The problem = Word-for-word transcription needed. Include every entry below but no pictures.

Dataset records
=== Section Start ===
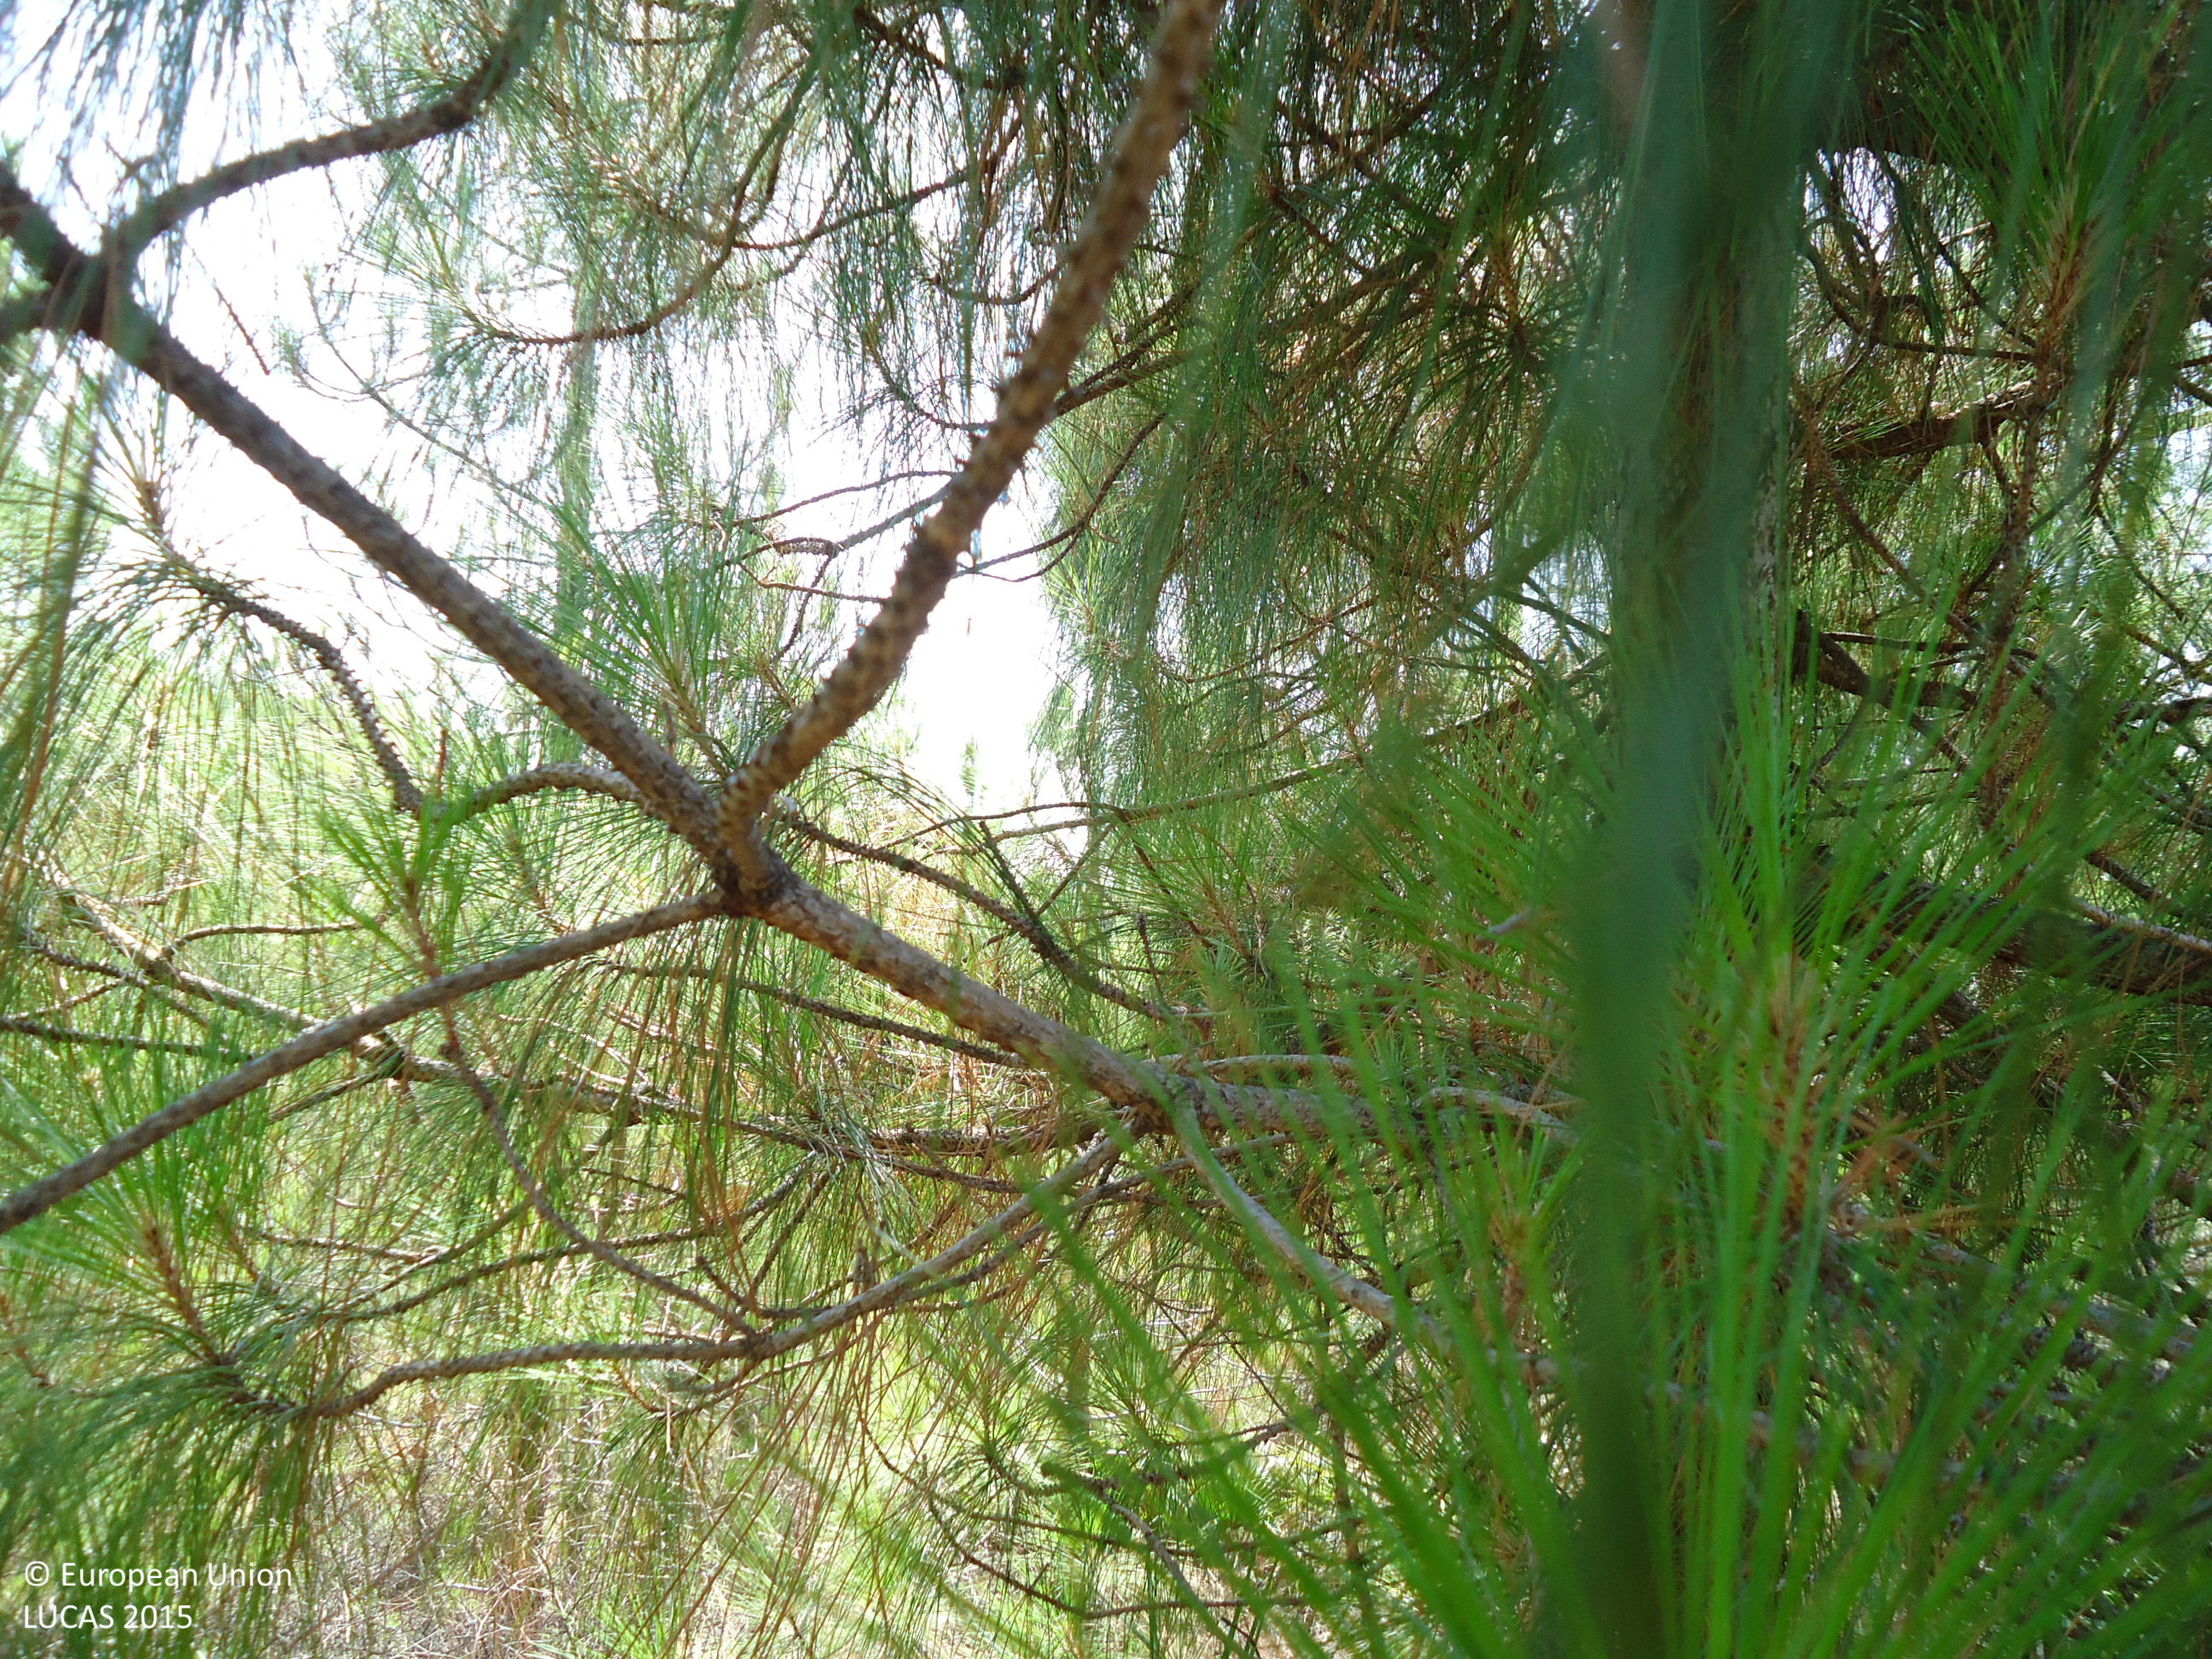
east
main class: Woodland
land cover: Pine dominated coniferous woodland
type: coniferous forest of the mediterranean region
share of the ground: > 75 %
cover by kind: coniferous forest trees 85 %, shrubs 15 %
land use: Forestry
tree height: > 5 m
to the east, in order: Pine dominated coniferous woodland; Tracks; Pine dominated coniferous woodland; Shrubland with sparse tree cover; Shrubland without tree cover; Tracks; Groves; Grassland without tree/shrub cover; Paved roads, cycling and walking lanes; Grassland without tree/shrub cover
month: July
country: ES
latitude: 36.5108
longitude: -4.6720
=== Section End ===
Answer to this problem =
east
main class: Woodland
land cover: Pine dominated coniferous woodland
type: coniferous forest of the mediterranean region
share of the ground: > 75 %
cover by kind: coniferous forest trees 85 %, shrubs 15 %
land use: Forestry
tree height: > 5 m
to the east, in order: Pine dominated coniferous woodland; Tracks; Pine dominated coniferous woodland; Shrubland with sparse tree cover; Shrubland without tree cover; Tracks; Groves; Grassland without tree/shrub cover; Paved roads, cycling and walking lanes; Grassland without tree/shrub cover
month: July
country: ES
latitude: 36.5108
longitude: -4.6720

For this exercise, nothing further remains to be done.